STRO-1 expression was used for the characterization of human dental pulp stem cells, which is one of the best-known mesenchymal stem cell (MSC) markers.[19] It was demonstrated that STRO-1 and CD34 markers expressed more in DPSCs isolated by enzymatic digestion in comparison with outgrowth.[20] STRO-1 antibody recognizes a cell surface antigen expressed by bone marrow stromal cells and stromal precursors.[21] It has been shown that STRO-1 expression was higher in Group C (PRF + nHA), Group B (PRF), Group D (PRF + DC) when compared to Group A (Control). This suggests that the addition of PRF and modified PRF were able to induce the proliferation of immature HDPSCs. Stewart et al. demonstrated the expression of STRO-1 in cultures of BMSCs and in established human osteosarcoma cell lines in vitro and concluded that its expression was characteristic of less well-differentiated cells.[21]
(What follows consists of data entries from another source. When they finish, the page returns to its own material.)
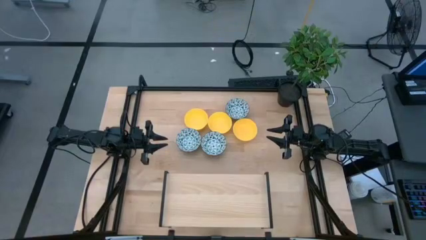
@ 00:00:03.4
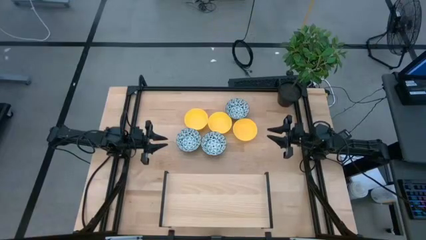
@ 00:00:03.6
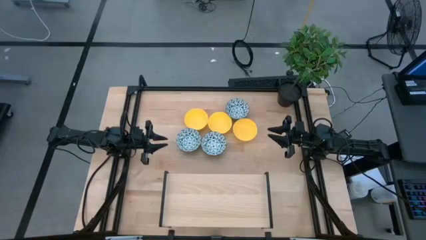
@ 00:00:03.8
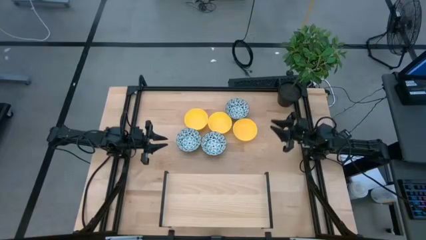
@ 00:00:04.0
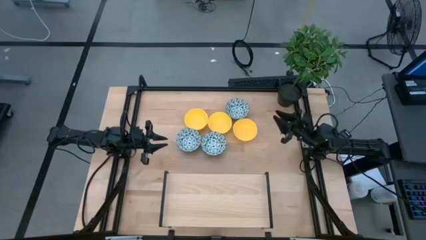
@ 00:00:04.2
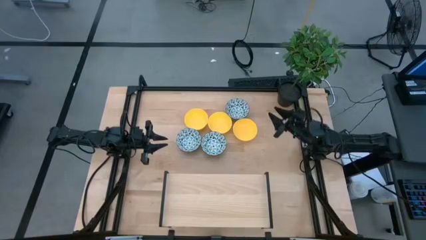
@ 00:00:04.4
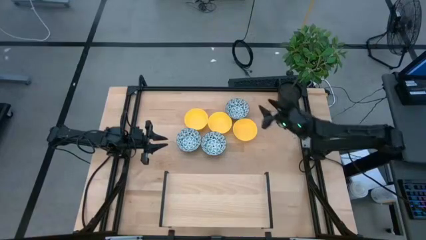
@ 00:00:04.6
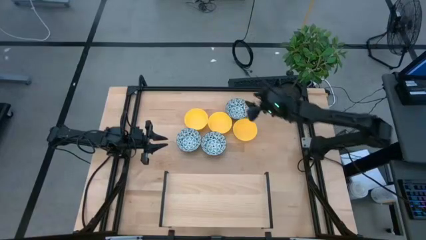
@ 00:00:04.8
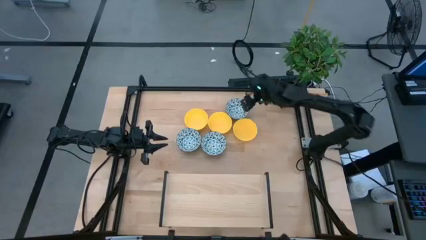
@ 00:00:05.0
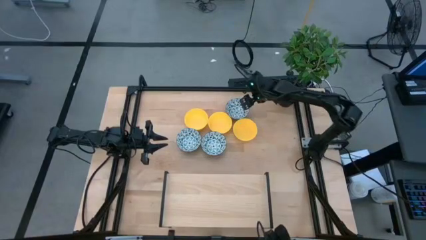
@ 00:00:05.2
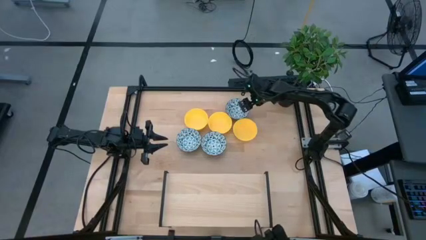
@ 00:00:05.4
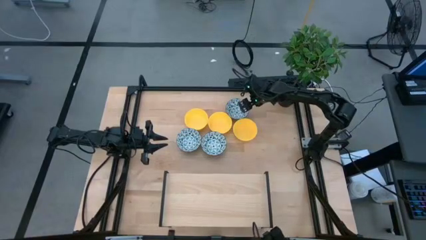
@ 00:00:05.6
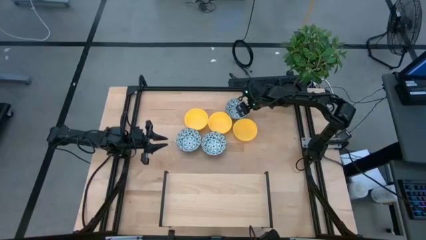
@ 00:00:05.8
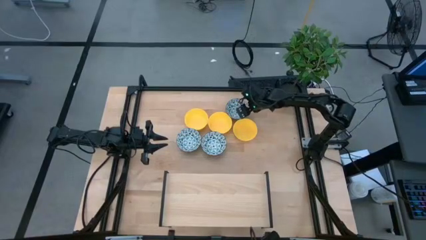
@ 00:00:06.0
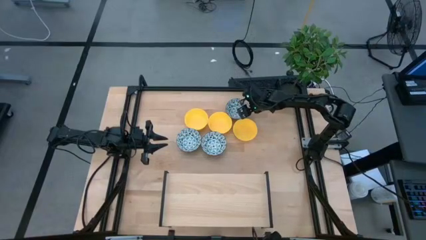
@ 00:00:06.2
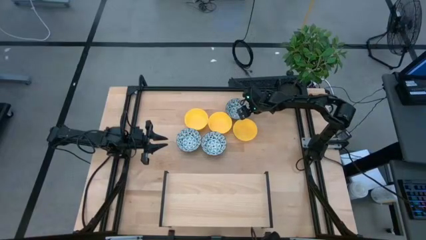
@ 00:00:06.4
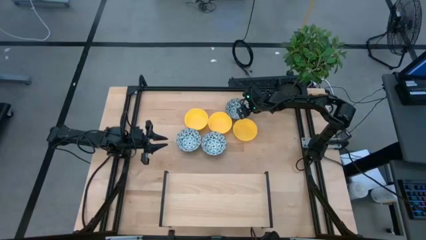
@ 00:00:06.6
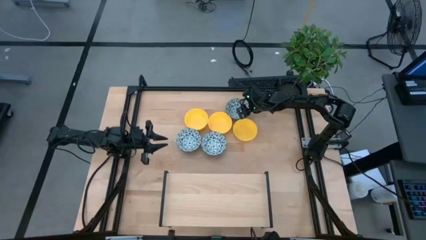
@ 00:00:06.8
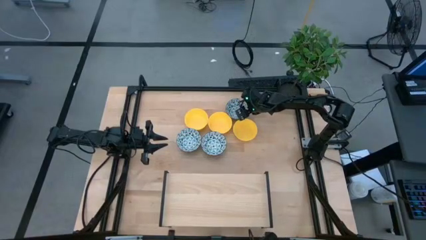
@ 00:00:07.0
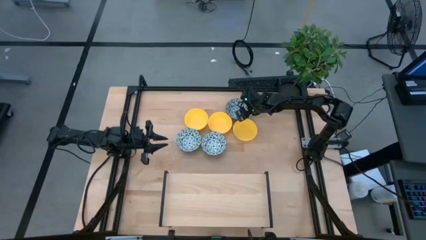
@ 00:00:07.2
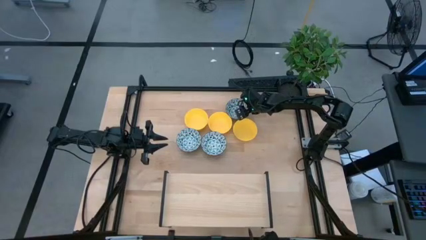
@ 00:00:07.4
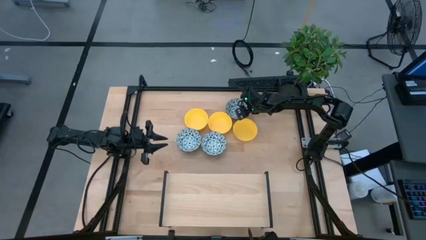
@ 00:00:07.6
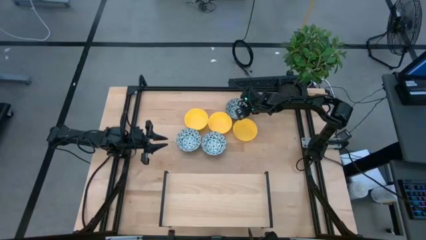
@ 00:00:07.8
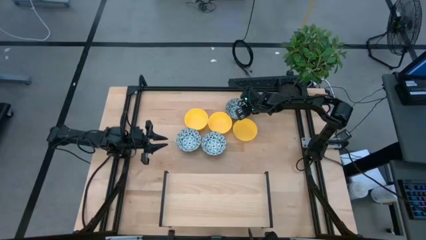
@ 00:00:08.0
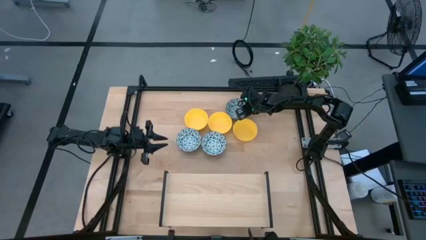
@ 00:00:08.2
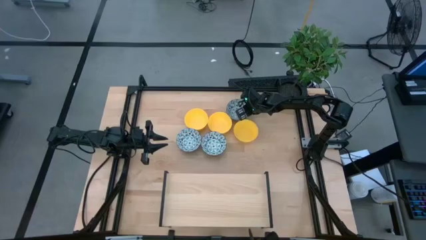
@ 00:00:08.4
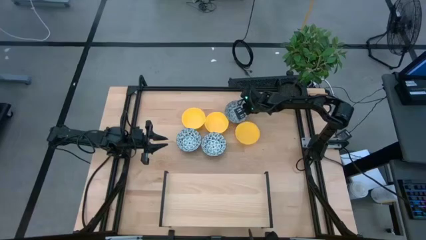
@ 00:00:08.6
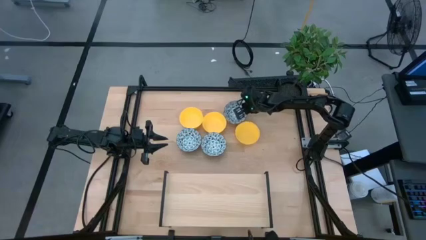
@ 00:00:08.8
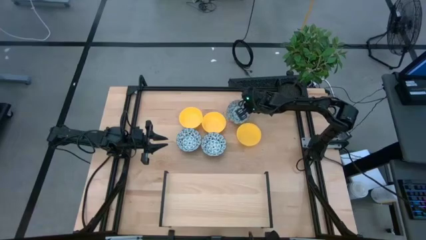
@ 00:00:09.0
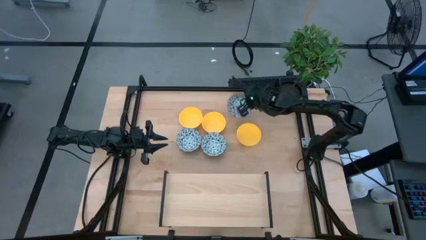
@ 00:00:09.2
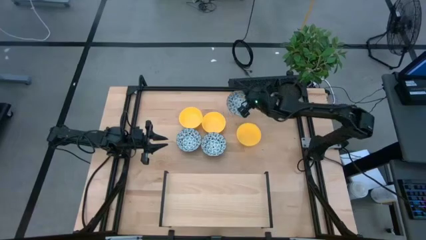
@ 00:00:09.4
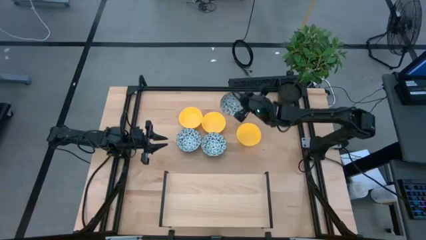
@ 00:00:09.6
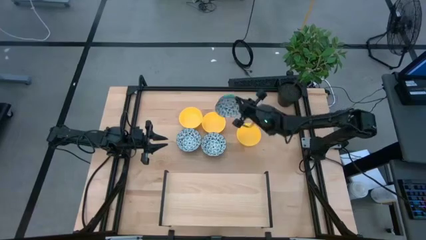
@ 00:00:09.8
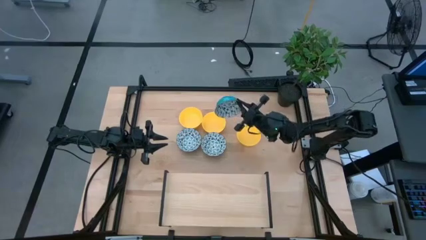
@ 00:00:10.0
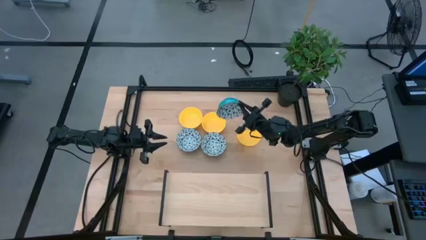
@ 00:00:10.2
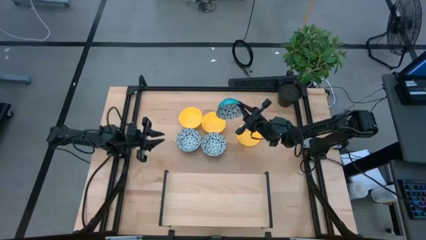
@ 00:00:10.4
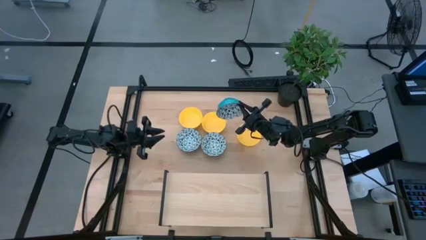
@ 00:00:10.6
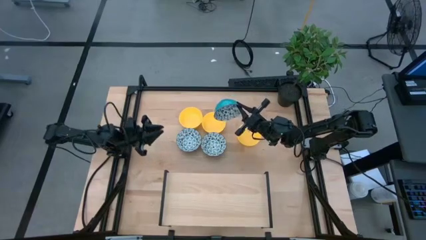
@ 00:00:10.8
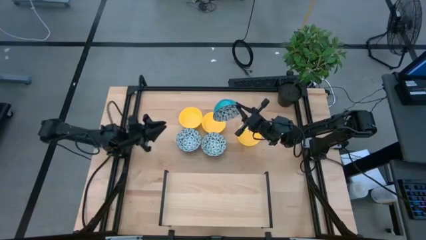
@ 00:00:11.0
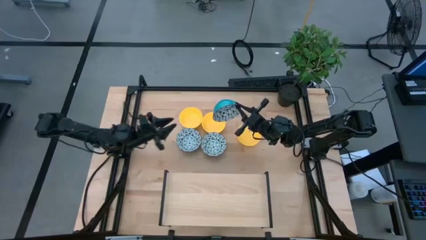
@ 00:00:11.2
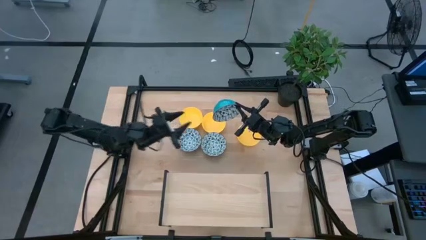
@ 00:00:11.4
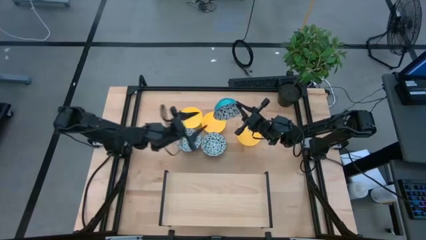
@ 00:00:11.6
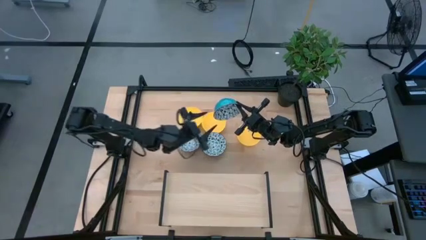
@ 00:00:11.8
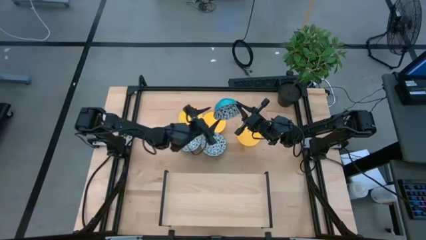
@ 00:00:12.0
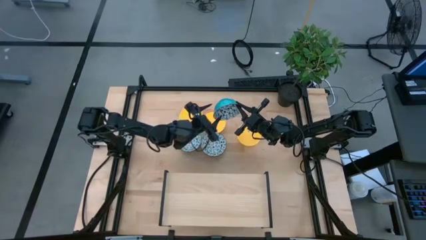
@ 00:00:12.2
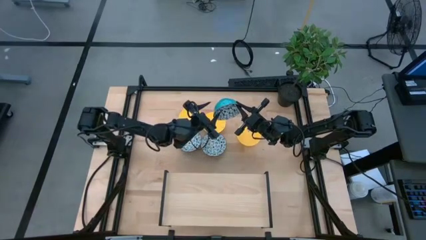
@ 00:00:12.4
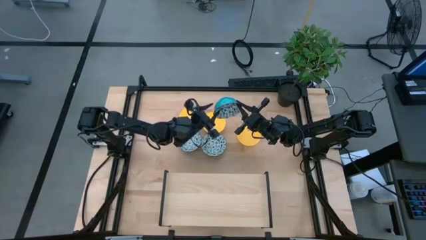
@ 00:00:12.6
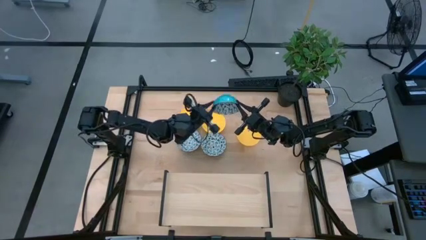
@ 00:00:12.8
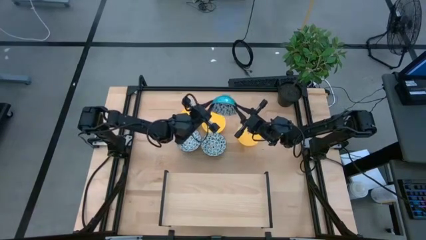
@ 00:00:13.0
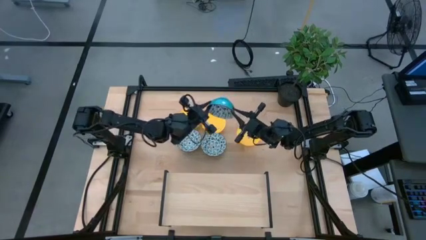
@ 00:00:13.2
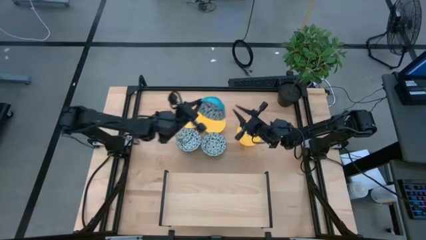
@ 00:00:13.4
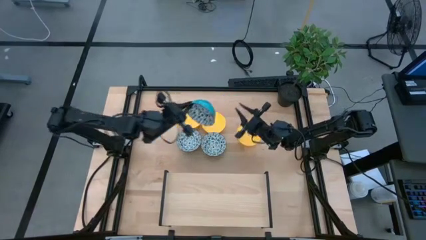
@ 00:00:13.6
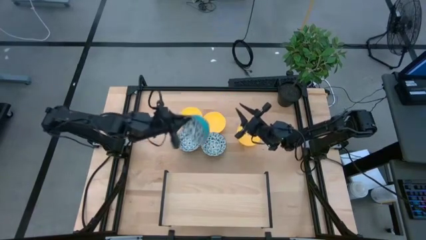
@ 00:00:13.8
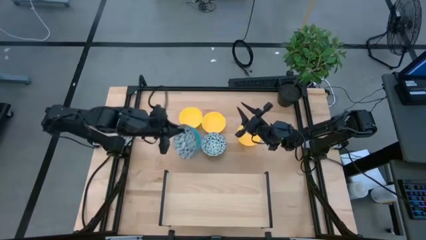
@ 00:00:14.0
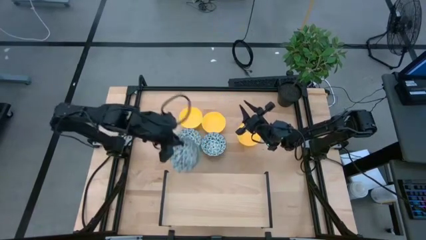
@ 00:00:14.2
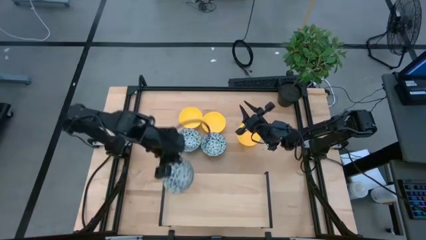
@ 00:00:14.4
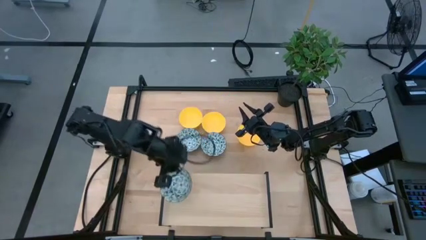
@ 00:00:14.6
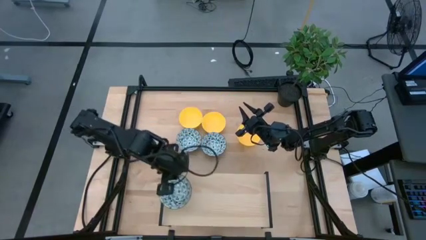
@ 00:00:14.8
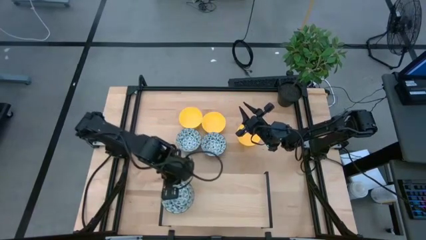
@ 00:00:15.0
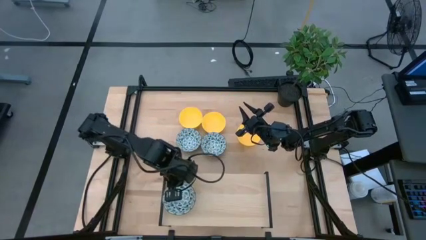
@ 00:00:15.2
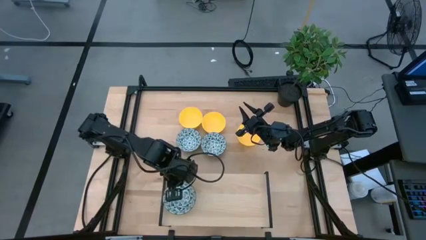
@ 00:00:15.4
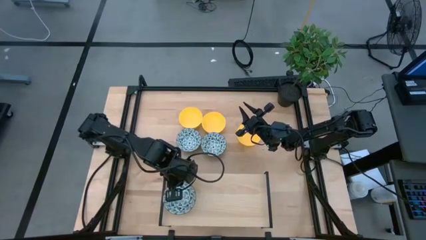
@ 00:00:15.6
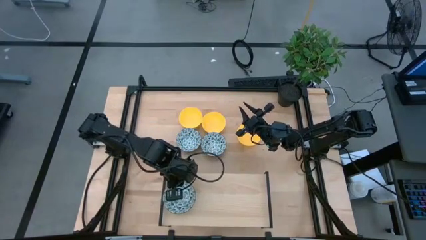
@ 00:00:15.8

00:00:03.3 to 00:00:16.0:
Task: Pick & Place Mini bowls
Put the top white bowl on the shelf

Alizarin red assay results showed highly positive stained mineralized nodules for all groups except the control group. Group C (PRF + nHA) had more positively stained mineralized nodules compared to Group D (PRF + DC). The increased differentiation potential of Group C (PRF + nHA) might be attributed to the difference in their chemical composition and surface topography. Evidence shows that surface properties of grafts play an important role in their biological properties and function under in vitro and in vivo conditions.[22] nHA is similar to the natural mineral phase in dental hard tissue building unit (calcium and phosphates) and have special biological and physicochemical properties.[23] The hydration reaction of nHA with physiological fluids results in appropriate Ca2+ concentrations and alkaline pH (10–12) that have been shown to favor cell proliferation and differentiation, forming strong mineralized interface.[24] Wang et al. developed a hybrid composite of MSC sheets with nanoscale hydroxyapatite (nano-HA) and autologous PRF granules for enhanced bone formation within a critical-sized rabbit cranial defect.[25] The percentage of new bone in the MSC/PRF group (35.7 ± 5.1%) was found to be significantly higher than that in the MSC (18.3 ± 3.2%; P < 0.05) and empty defect groups (4.7 ± 1.5%; P < 0.05).
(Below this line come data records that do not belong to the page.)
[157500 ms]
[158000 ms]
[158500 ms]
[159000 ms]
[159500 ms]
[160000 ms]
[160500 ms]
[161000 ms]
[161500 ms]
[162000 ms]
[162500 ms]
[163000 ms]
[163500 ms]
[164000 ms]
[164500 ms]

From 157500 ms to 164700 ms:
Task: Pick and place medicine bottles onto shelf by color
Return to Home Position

Furthermore, the osteoinductive and osteoconductive properties varies according to the size and shape of dentin particles.[15] DepD and DemD samples had a smoother and more homogenous surface than RD samples.[15] This is especially important because smoother surfaces are more suitable for proliferation and differentiation of osteoblasts, while rougher surfaces can trigger a response by macrophages and subsequent bone loss.[15]

CONCLUSIONS

The combination of these bioactive materials (nHA and DC) with PRF has got synergistic effect than when PRF used alone and has promising properties to serve the best for the future. Considering the limitations of this study, further studies must be carried out with different methods of preparation of these radiopacifiers (nHA and DC) for the better properties. And also, experimental studies are needed to elucidate the anti-inflammatory effect of PRF on the regulation of odontoblastic differentiation.

Financial support and sponsorship

Nil.

Conflicts of interest

There are no conflicts of interest?.